Editor's note: Until their employer agrees to negotiate fairly, farmworkers in Washington State want consumers to avoid all Driscoll's, Häagen-Dazs and Yoplait products that contain berries grown on the notorious Sakuma Brothers farm.
Farm workers in Washington state are fighting for fairer pay and better treatment, and they need support from consumers. These workers, who pick strawberries for the notorious Sakuma Brothers Berry Farm, have been subjected to a wide range of abuses for years, such as inadequate piece rates, systematic wage theft, racist and sexist abuse from supervisors, substandard housing, and continuous retaliation for their efforts to improve conditions.
The Sakuma Brothers berry farm, located in Burlington, WA, supplies strawberries to Driscoll’s, a familiar label to many consumers. Even here in faraway, still-wintry Ontario, Driscoll’s is the only brand of fresh strawberries available year-round at my local grocery store.

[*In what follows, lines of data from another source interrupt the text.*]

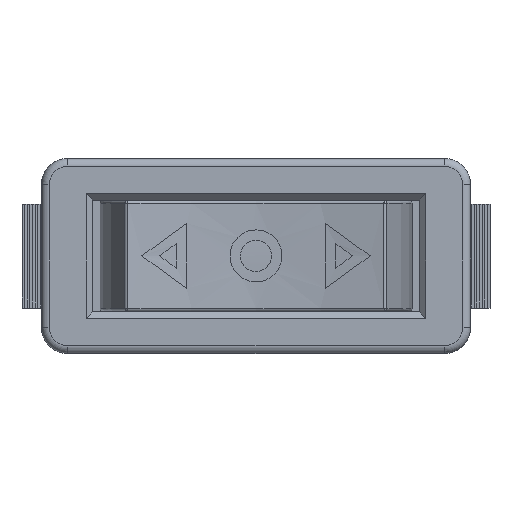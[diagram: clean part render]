
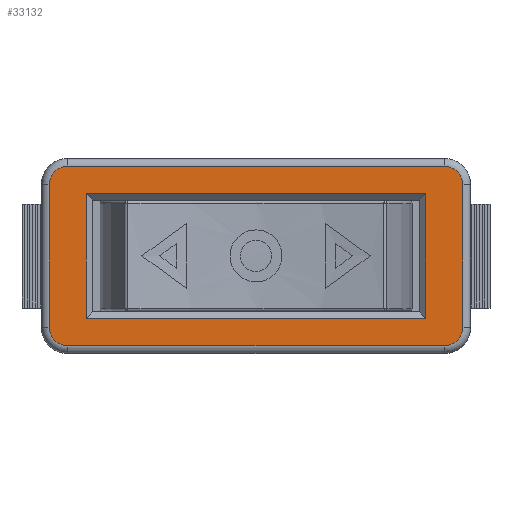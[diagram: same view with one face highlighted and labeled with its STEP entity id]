
A CAD part, top view. The second image highlights one B-rep face of the part: STEP entity #33132.
In plain terms, the highlighted planar face has unit normal (0, 0, 1).
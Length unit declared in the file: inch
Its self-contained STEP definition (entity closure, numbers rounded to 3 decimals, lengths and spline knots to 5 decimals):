
#32884=CARTESIAN_POINT('',(-0.51378,-0.18898,0.74803));
#32885=VERTEX_POINT('',#32884);
#32892=CARTESIAN_POINT('',(0.51378,-0.18898,0.74803));
#32893=VERTEX_POINT('',#32892);
#32894=CARTESIAN_POINT('',(-0.51378,-0.18898,0.74803));
#32895=DIRECTION('',(1.0,0.0,0.0));
#32896=VECTOR('',#32895,1.02756);
#32897=LINE('',#32894,#32896);
#32898=EDGE_CURVE('',#32885,#32893,#32897,.T.);
#32922=CARTESIAN_POINT('',(-0.51378,0.18898,0.74803));
#32923=VERTEX_POINT('',#32922);
#32930=CARTESIAN_POINT('',(-0.51378,0.18898,0.74803));
#32931=DIRECTION('',(0.0,-1.0,0.0));
#32932=VECTOR('',#32931,0.37795);
#32933=LINE('',#32930,#32932);
#32934=EDGE_CURVE('',#32923,#32885,#32933,.T.);
#32953=CARTESIAN_POINT('',(0.51378,0.18898,0.74803));
#32954=VERTEX_POINT('',#32953);
#32961=CARTESIAN_POINT('',(0.51378,0.18898,0.74803));
#32962=DIRECTION('',(-1.0,0.0,0.0));
#32963=VECTOR('',#32962,1.02756);
#32964=LINE('',#32961,#32963);
#32965=EDGE_CURVE('',#32954,#32923,#32964,.T.);
#32983=CARTESIAN_POINT('',(0.51378,-0.18898,0.74803));
#32984=DIRECTION('',(0.0,1.0,0.0));
#32985=VECTOR('',#32984,0.37795);
#32986=LINE('',#32983,#32985);
#32987=EDGE_CURVE('',#32893,#32954,#32986,.T.);
#33051=CARTESIAN_POINT('',(-0.68858,-0.29882,0.74803));
#33052=DIRECTION('',(0.0,0.0,1.0));
#33053=DIRECTION('',(1.0,0.0,0.0));
#33054=AXIS2_PLACEMENT_3D('',#33051,#33052,#33053);
#33055=PLANE('',#33054);
#33056=CARTESIAN_POINT('',(-0.62598,-0.21654,0.74803));
#33057=VERTEX_POINT('',#33056);
#33058=CARTESIAN_POINT('',(-0.62598,0.21654,0.74803));
#33059=VERTEX_POINT('',#33058);
#33060=CARTESIAN_POINT('',(-0.62598,-0.21654,0.74803));
#33061=DIRECTION('',(0.0,1.0,0.0));
#33062=VECTOR('',#33061,0.43307);
#33063=LINE('',#33060,#33062);
#33064=EDGE_CURVE('',#33057,#33059,#33063,.T.);
#33065=ORIENTED_EDGE('',*,*,#33064,.F.);
#33066=CARTESIAN_POINT('',(-0.57087,-0.27165,0.74803));
#33067=VERTEX_POINT('',#33066);
#33068=CARTESIAN_POINT('',(-0.57087,-0.21654,0.74803));
#33069=DIRECTION('',(0.0,0.0,-1.0));
#33070=DIRECTION('',(-0.707,-0.707,0.0));
#33071=AXIS2_PLACEMENT_3D('',#33068,#33069,#33070);
#33072=CIRCLE('',#33071,0.05512);
#33073=EDGE_CURVE('',#33067,#33057,#33072,.T.);
#33074=ORIENTED_EDGE('',*,*,#33073,.F.);
#33075=CARTESIAN_POINT('',(0.57087,-0.27165,0.74803));
#33076=VERTEX_POINT('',#33075);
#33077=CARTESIAN_POINT('',(0.57087,-0.27165,0.74803));
#33078=DIRECTION('',(-1.0,0.0,0.0));
#33079=VECTOR('',#33078,1.14173);
#33080=LINE('',#33077,#33079);
#33081=EDGE_CURVE('',#33076,#33067,#33080,.T.);
#33082=ORIENTED_EDGE('',*,*,#33081,.F.);
#33083=CARTESIAN_POINT('',(0.62598,-0.21654,0.74803));
#33084=VERTEX_POINT('',#33083);
#33085=CARTESIAN_POINT('',(0.57087,-0.21654,0.74803));
#33086=DIRECTION('',(0.0,0.0,-1.0));
#33087=DIRECTION('',(0.707,-0.707,0.0));
#33088=AXIS2_PLACEMENT_3D('',#33085,#33086,#33087);
#33089=CIRCLE('',#33088,0.05512);
#33090=EDGE_CURVE('',#33084,#33076,#33089,.T.);
#33091=ORIENTED_EDGE('',*,*,#33090,.F.);
#33092=CARTESIAN_POINT('',(0.62598,0.21654,0.74803));
#33093=VERTEX_POINT('',#33092);
#33094=CARTESIAN_POINT('',(0.62598,0.21654,0.74803));
#33095=DIRECTION('',(0.0,-1.0,0.0));
#33096=VECTOR('',#33095,0.43307);
#33097=LINE('',#33094,#33096);
#33098=EDGE_CURVE('',#33093,#33084,#33097,.T.);
#33099=ORIENTED_EDGE('',*,*,#33098,.F.);
#33100=CARTESIAN_POINT('',(0.57087,0.27165,0.74803));
#33101=VERTEX_POINT('',#33100);
#33102=CARTESIAN_POINT('',(0.57087,0.21654,0.74803));
#33103=DIRECTION('',(0.0,0.0,-1.0));
#33104=DIRECTION('',(0.707,0.707,0.0));
#33105=AXIS2_PLACEMENT_3D('',#33102,#33103,#33104);
#33106=CIRCLE('',#33105,0.05512);
#33107=EDGE_CURVE('',#33101,#33093,#33106,.T.);
#33108=ORIENTED_EDGE('',*,*,#33107,.F.);
#33109=CARTESIAN_POINT('',(-0.57087,0.27165,0.74803));
#33110=VERTEX_POINT('',#33109);
#33111=CARTESIAN_POINT('',(-0.57087,0.27165,0.74803));
#33112=DIRECTION('',(1.0,0.0,0.0));
#33113=VECTOR('',#33112,1.14173);
#33114=LINE('',#33111,#33113);
#33115=EDGE_CURVE('',#33110,#33101,#33114,.T.);
#33116=ORIENTED_EDGE('',*,*,#33115,.F.);
#33117=CARTESIAN_POINT('',(-0.57087,0.21654,0.74803));
#33118=DIRECTION('',(0.0,0.0,-1.0));
#33119=DIRECTION('',(-0.707,0.707,0.0));
#33120=AXIS2_PLACEMENT_3D('',#33117,#33118,#33119);
#33121=CIRCLE('',#33120,0.05512);
#33122=EDGE_CURVE('',#33059,#33110,#33121,.T.);
#33123=ORIENTED_EDGE('',*,*,#33122,.F.);
#33124=EDGE_LOOP('',(#33065,#33074,#33082,#33091,#33099,#33108,#33116,#33123));
#33125=FACE_OUTER_BOUND('',#33124,.T.);
#33126=ORIENTED_EDGE('',*,*,#32898,.F.);
#33127=ORIENTED_EDGE('',*,*,#32934,.F.);
#33128=ORIENTED_EDGE('',*,*,#32965,.F.);
#33129=ORIENTED_EDGE('',*,*,#32987,.F.);
#33130=EDGE_LOOP('',(#33126,#33127,#33128,#33129));
#33131=FACE_BOUND('',#33130,.T.);
#33132=ADVANCED_FACE('',(#33125,#33131),#33055,.T.);

Sakuma also sells berries to Häagen-Dazs and Yoplait.
The strawberry pickers, many of whom come from Oaxaca, Mexico, first created an independent farmworker union in 2013 called Familias Unidas por la Justicia (FUJ). The union has been recognized by the state labor council and has even won legal victories, but Sakuma Brothers still refuses to negotiate. Instead, it has tried to dodge hiring unionized workers by applying for more migrant guest workers under the H-2A program, something that is not allowed unless an employer is experiencing a shortage of local labor supply. Sakuma Brothers will not meet with the farmworkers, spending thousands of dollars instead on PR firms and labor consultants to undermine the union.
Carmen Juarez Ventura describes what it’s like to work on the farm (via Fair World Project):
“One gains nothing here, nothing to survive. Working and working. Sometimes [the checkers] steal pounds. Sometimes rotten berries make it into the bucket. ‘Eat that one!’ they say, throwing it into your face. … You don’t make enough even to eat. I have two children, and it is very ugly here, very ugly work in the field.”
Ventura’s description doesn’t even go into the details of dangerous chemical exposure. Strawberries plants produce fruit every two days, which means that pesticide management and picking often occur right on top of each other. Civil Eats reports that “strawberry pickers are more susceptible to pesticide exposure than the average farmworker because the fields are more densely planted than other crops, meaning chemicals are being sprayed or are drifting closer to farmworkers.”